• Author(s) : Jingyang Lin, Yingda Xia, Jianpeng Zhang, Ke Yan, Le Lu, Jiebo Luo, Ling Zhang

Medical Vision-Language Pretraining (Med-VLP) aims to bridge the gap between visual content from medical images and their corresponding textual descriptions. While existing Med-VLP methods have primarily focused on 2D images depicting single body parts, such as chest X-rays, this paper extends the scope of Med-VLP to encompass 3D images, specifically targeting full-body scenarios by utilizing a multimodal dataset of CT scans and associated reports.

CT-GLIP: 3D Grounded Language-Image Pretraining with CT Scans and Radiology Reports for Full-Body Scenarios

Compared to its 2D counterpart, 3D VLP faces the challenge of effectively capturing essential semantics from the significantly sparser representation inherent in 3D imaging. To address this, the researchers introduce CT-GLIP (Grounded Language-Image Pre Training with CT scans), a novel approach that constructs organ-level image-text pairs to enhance multimodal contrastive learning. This method aligns grounded visual features with precise diagnostic text, ensuring a strong connection between the visual and textual modalities.

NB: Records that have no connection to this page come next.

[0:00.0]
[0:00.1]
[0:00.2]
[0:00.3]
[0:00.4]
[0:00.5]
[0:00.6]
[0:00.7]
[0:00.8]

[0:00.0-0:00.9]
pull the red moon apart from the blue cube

Additionally, the authors developed an abnormality dictionary to augment the contrastive learning process with diverse negative samples. This innovative technique further enhances the model’s ability to accurately identify organs and abnormalities using natural language descriptions.

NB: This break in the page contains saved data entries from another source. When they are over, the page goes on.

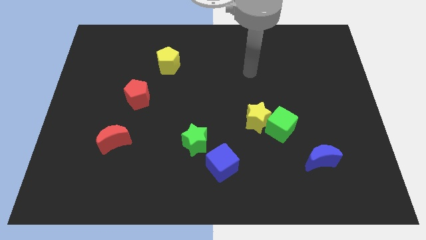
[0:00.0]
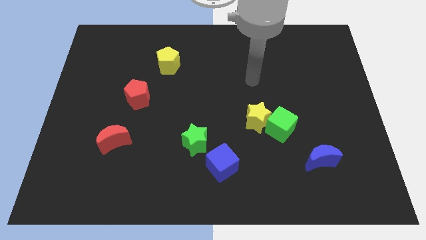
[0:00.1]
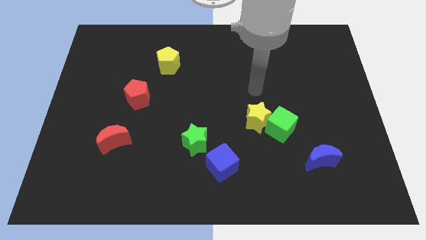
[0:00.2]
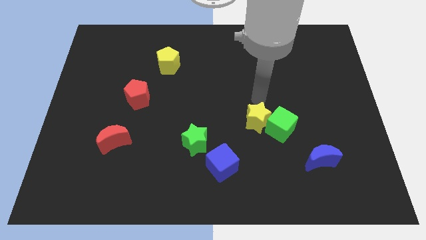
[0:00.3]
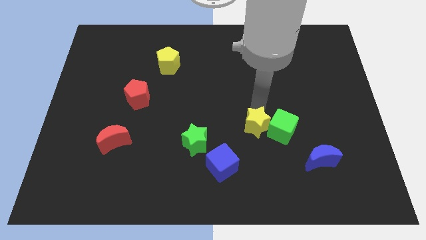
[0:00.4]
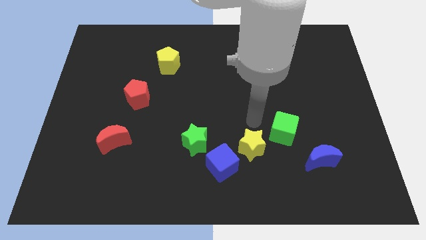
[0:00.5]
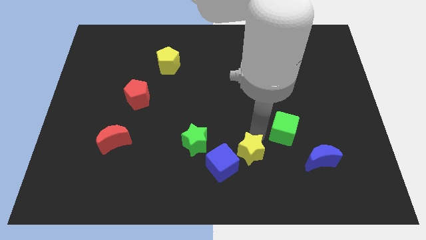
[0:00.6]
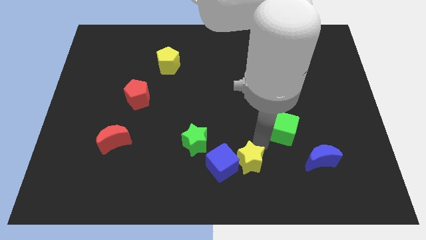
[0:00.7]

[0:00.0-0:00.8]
move the green cube away from the yellow star

CT-GLIP was trained on a comprehensive multimodal CT dataset comprising 44,011 organ-level vision-text pairs from 17,702 patients across 104 organs. The performance of the model was validated on a separate test set of 1,130 patients, focusing on the 16 most frequent abnormalities across 7 organs. The experimental results demonstrate CT-GLIP’s superior performance over the standard CLIP framework across zero-shot and fine-tuning scenarios, using both CNN and ViT architectures.

This research represents a significant advancement in the field of medical vision-language pretraining, extending its capabilities to 3D imaging modalities and paving the way for more accurate and efficient diagnosis and analysis of full-body medical scans.